ReferenceAPI ReferenceQuery

Query

The query endpoints provide interactive SQL querying against your data lake. Queries are read-only and execute via ratq, a Python DuckDB sidecar that connects to your Iceberg tables. All query requests are proxied through ratd, which deserializes Arrow IPC responses into JSON for REST clients.


Endpoints

MethodEndpointDescription
POST/api/v1/queryExecute an interactive SQL query
GET/api/v1/schemaGet all tables with column schemas (bulk)

Execute Query

POST /api/v1/query

Executes a read-only SQL query against the data lake using DuckDB. Queries have a 30-second timeout and a maximum request size of 100 KB.

Request Body

FieldTypeRequiredDescription
sqlstringYesSQL query to execute (max 100 KB)
namespacestringNoNamespace context for table resolution
limitintegerNoMaximum rows to return (default: 1000)

Request

curl -X POST http://localhost:8080/api/v1/query \
  -H "Content-Type: application/json" \
  -d '{
    "sql": "SELECT * FROM silver.orders WHERE amount > 100 LIMIT 10",
    "namespace": "default",
    "limit": 1000
  }'

Response — 200 OK

{
  "columns": [
    { "name": "id", "type": "VARCHAR" },
    { "name": "amount", "type": "DECIMAL(14,2)" },
    { "name": "status", "type": "VARCHAR" },
    { "name": "created_at", "type": "TIMESTAMP" }
  ],
  "rows": [
    ["ORD-001", 129.99, "completed", "2026-02-12T10:00:00Z"],
    ["ORD-002", 245.50, "completed", "2026-02-12T11:30:00Z"]
  ],
  "total_rows": 10,
  "duration_ms": 45
}

Response Fields

FieldTypeDescription
columnsarrayColumn definitions
columns[].namestringColumn name
columns[].typestringDuckDB type (e.g., VARCHAR, INTEGER, DECIMAL(14,2), TIMESTAMP)
rowsarrayResult rows as arrays of values
total_rowsintegerNumber of rows returned
duration_msintegerQuery execution time in milliseconds

Error Responses

StatusCodeDescription
400INVALID_ARGUMENTMissing sql field, or query exceeds 100 KB size limit
400INVALID_ARGUMENTSQL syntax error or invalid table reference
500INTERNALratq sidecar not configured (RATQ_ADDR not set)
503UNAVAILABLEratq sidecar is unreachable
⚠️

Queries are read-only. Any attempt to execute DDL (CREATE, DROP, ALTER) or DML (INSERT, UPDATE, DELETE) statements will be rejected by the query service. Write operations are only performed by the runner during pipeline execution.
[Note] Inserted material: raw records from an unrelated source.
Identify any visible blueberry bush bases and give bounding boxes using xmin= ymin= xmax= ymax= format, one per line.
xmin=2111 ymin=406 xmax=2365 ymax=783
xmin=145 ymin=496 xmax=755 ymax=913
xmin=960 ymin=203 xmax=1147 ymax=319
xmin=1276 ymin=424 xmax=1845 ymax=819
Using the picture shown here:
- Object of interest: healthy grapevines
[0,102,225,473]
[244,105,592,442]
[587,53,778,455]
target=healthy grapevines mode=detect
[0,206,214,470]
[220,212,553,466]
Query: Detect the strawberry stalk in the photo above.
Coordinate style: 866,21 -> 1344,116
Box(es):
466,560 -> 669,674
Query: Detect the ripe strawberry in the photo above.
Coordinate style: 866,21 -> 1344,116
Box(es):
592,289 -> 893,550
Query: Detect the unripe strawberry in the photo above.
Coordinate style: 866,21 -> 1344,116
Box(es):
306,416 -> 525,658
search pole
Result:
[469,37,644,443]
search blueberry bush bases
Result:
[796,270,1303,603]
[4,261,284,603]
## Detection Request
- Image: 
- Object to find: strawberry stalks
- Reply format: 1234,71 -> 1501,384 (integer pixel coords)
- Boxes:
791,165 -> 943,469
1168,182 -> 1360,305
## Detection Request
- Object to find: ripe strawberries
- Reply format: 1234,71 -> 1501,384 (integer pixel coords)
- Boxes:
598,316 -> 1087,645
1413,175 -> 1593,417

The query service uses DuckDB’s Iceberg extension to scan Iceberg tables directly from S3. Table names use the format {layer}.{table_name} within a namespace context — for example, silver.orders resolves to the Iceberg table at {namespace}/silver/orders/.


Get Schema (Bulk)

GET /api/v1/schema

Returns all tables with their column schemas in a single call. This endpoint uses batch fetching to avoid N+1 gRPC calls to the query service.

Request

curl http://localhost:8080/api/v1/schema

Response — 200 OK

{
  "tables": [
    {
      "namespace": "default",
      "layer": "silver",
      "name": "orders",
      "columns": [
        { "name": "id", "type": "VARCHAR" },
        { "name": "amount", "type": "DECIMAL(14,2)" },
        { "name": "status", "type": "VARCHAR" },
        { "name": "created_at", "type": "TIMESTAMP" }
      ]
    },
    {
      "namespace": "default",
      "layer": "bronze",
      "name": "raw_orders",
      "columns": [
        { "name": "id", "type": "VARCHAR" },
        { "name": "amount", "type": "VARCHAR" },
        { "name": "status", "type": "VARCHAR" },
        { "name": "source_file", "type": "VARCHAR" }
      ]
    }
  ]
}

Response Fields

FieldTypeDescription
tablesarrayList of table schema objects
tables[].namespacestringNamespace the table belongs to
tables[].layerstringData layer: bronze, silver, or gold
tables[].namestringTable name
tables[].columnsarrayColumn definitions for the table
tables[].columns[].namestringColumn name
tables[].columns[].typestringDuckDB column type

Error Responses

StatusCodeDescription
500INTERNALratq sidecar not configured
503UNAVAILABLEratq sidecar is unreachable

The schema endpoint is used by the portal’s editor for autocompletion and by the lineage graph for displaying column-level metadata. It returns all tables across all namespaces in a single response.